Les salles du musée en bas et les couloirs autour du hall central sont peuplés de (beaucoup) plus une figure du Christ avec deux ballons de basket, deux hommes armés autour d’une BMW coupée en deux, Piet Mondrian avec un signe de protestation féministe, des singes avec un chapeau haut de forme sur des piédestaux et un terrifiant autoportrait bleu (Trinité II2017) de l’artiste la tête baissée et sa tête orange deux fois dans les mains.

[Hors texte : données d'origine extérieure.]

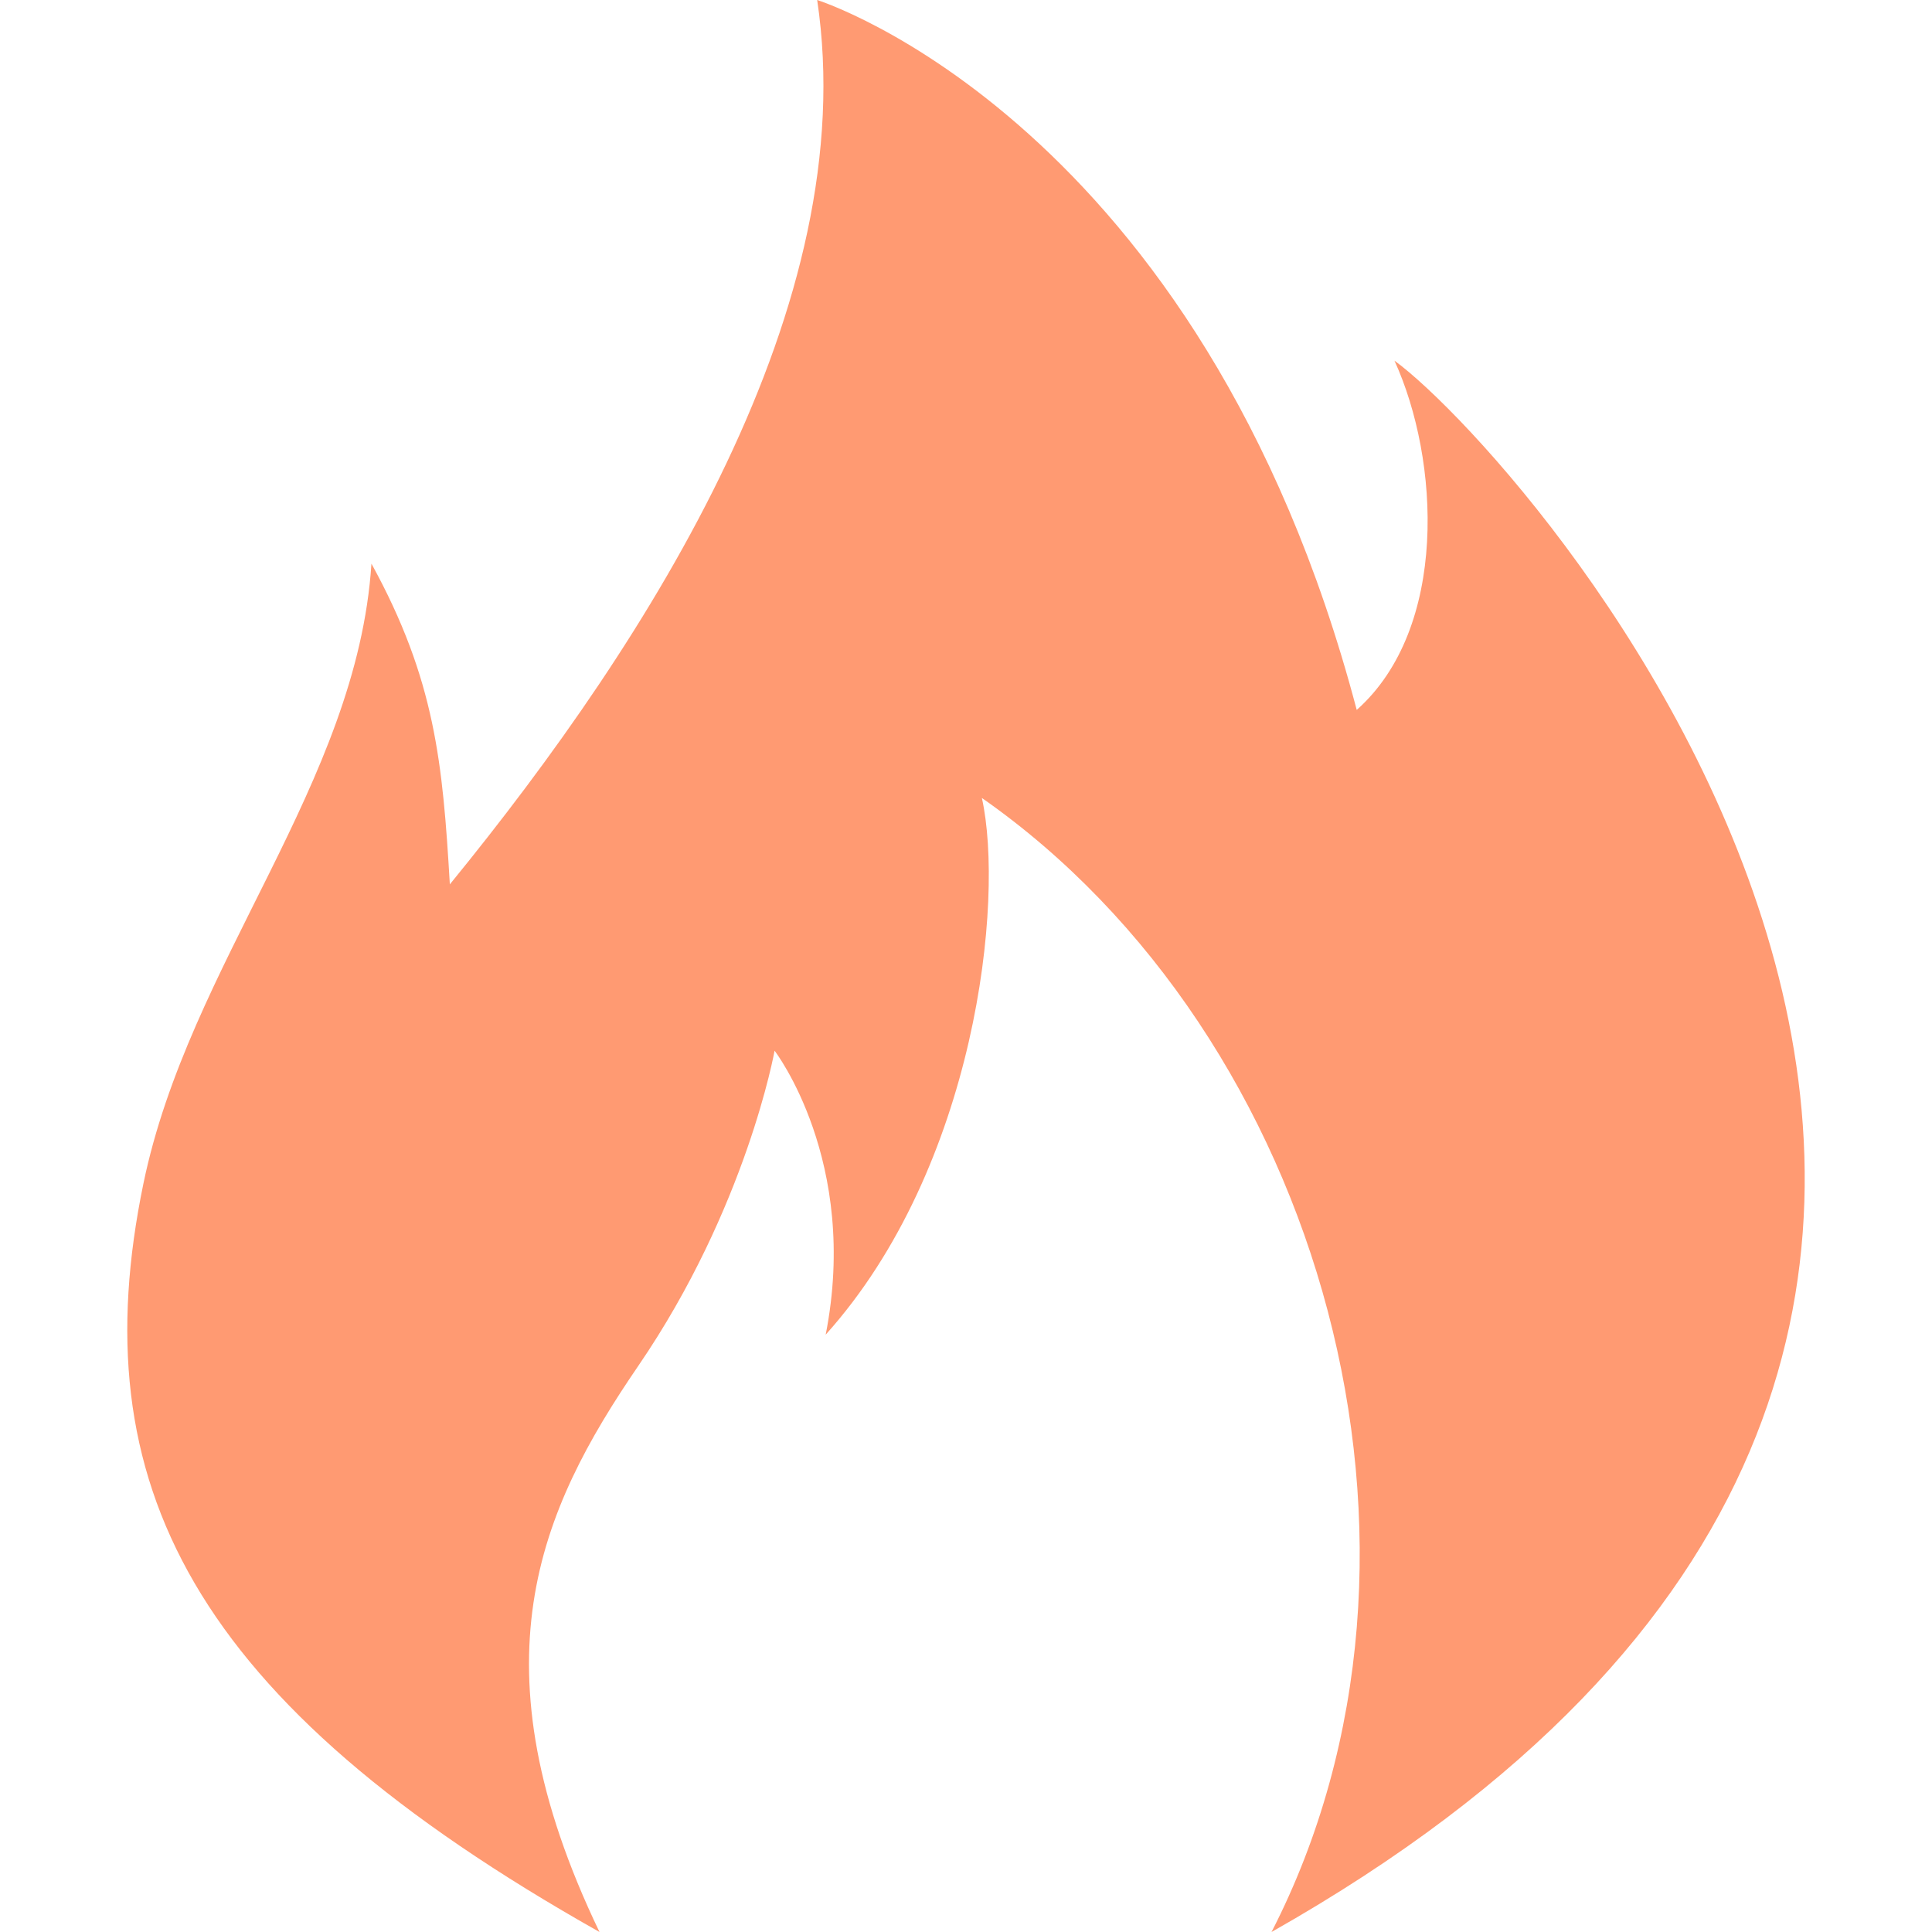 <svg xmlns="http://www.w3.org/2000/svg" width="533.333" height="533.333"><path fill="#ff9a72" d="M165.494 533.333c-35.545-73.962-16.616-116.343 10.703-156.272 29.917-43.728 37.627-87.013 37.627-87.013s23.518 30.573 14.11 78.39c41.548-46.25 49.389-119.938 43.115-148.159 93.914 65.63 134.051 207.737 79.96 313.054 287.695-162.776 71.562-406.339 33.934-433.775 12.543 27.435 14.922 73.88-10.416 96.42C331.635 33.333 225.583 0 225.583 0c12.543 83.877-45.466 175.596-101.404 244.13-1.965-33.446-4.053-56.525-21.641-88.531-3.948 60.758-50.381 110.285-62.955 171.161-17.032 82.44 12.758 142.802 125.911 206.573z"/></svg>

Pour son exposition rétrospective au Kunsthal Kade Folkert de Jong a construit un grand échafaudage dans le hall centralsur lequel vous descendez le long de trois plates-formes.
La photo de Mike Bink
Folkert de Jong, aperçu de la chambre Ministère de la peur/écume au Kunsthal Kade. A gauche sur la photo : Opération Harmonie (2008).
La photo de Mike Bink

La grille de l’histoire

Fascinant aussi Opération Harmonie (2008) : une énorme structure de grille rose pâle dans laquelle sont inclus les corps et les parties du corps de personnages historiques tels que Spinoza, Willem van Oranje et Balthazar Gerards. Nous sommes séparés par l’histoire, semble dire De Jong, et notre marge de manœuvre est limitée.

Parce qu’il n’y a plus de descriptions précises par image, il faut régulièrement deviner ce que De Jong veut dire exactement par exemple par cette féministe Mondrian (les deux veulent changer le monde ?). L’inconvénient d’associations parfois branlantes n’est pas mal, c’est peut-être justement l’intention. Le catalogue magnifiquement publié, avec de nombreuses photos privées, promet d’être plus franc – même s’il manque la rupture avec deux partenaires commerciaux en 2010, dont De Jong a été franc plus tôt.

La cruauté de la guerre, mais aussi la tentation de la destruction à laquelle les gens succombent à maintes reprises, sont un thème important pour De Jong. Par exemple, ci-dessus L’homme des glaces vient (2001), la première grande installation en styromousse, avec laquelle de Jong a percé à l’époque lors d’une exposition au Stedelijk Museum Bureau Amsterdam : un défilé coloré de cinq militaires battus, en fauteuil roulant ou avec des jambes de bois, croisés en avant, souriant vers le abîme.

Folkert de Jong, La fusillade… à Watou2006.
La photo de Mike Bink

Debout à côté La fusillade… à Watou (2006): Un soldat géant accroupi en rose bonbon et bleu signature, avec plusieurs soldats de la taille d’un homme tenant des armes à balionnettes. C’est sombre, séduisant et énigmatique. La seule chose que vous auriez permis à ces statues d’avoir un peu plus d’espace, car ce soldat géant est censé se blottir contre le plafond, mais les autres combattants sont disposés un peu en désordre. Il en va de même pour les têtes historiques sur socles totémisme (2016) : un peu ingrat contre un mur du fond.

Dans le catalogue (à l’odeur agréablement chimique), de nombreuses sculptures sont disposées de manière plus belle et plus spacieuse à d’autres endroits – et vous voyez également que De Jong a réalisé de nombreuses sculptures plus impressionnantes. L’œuvre macabre de De Jong méritait une veste plus spacieuse.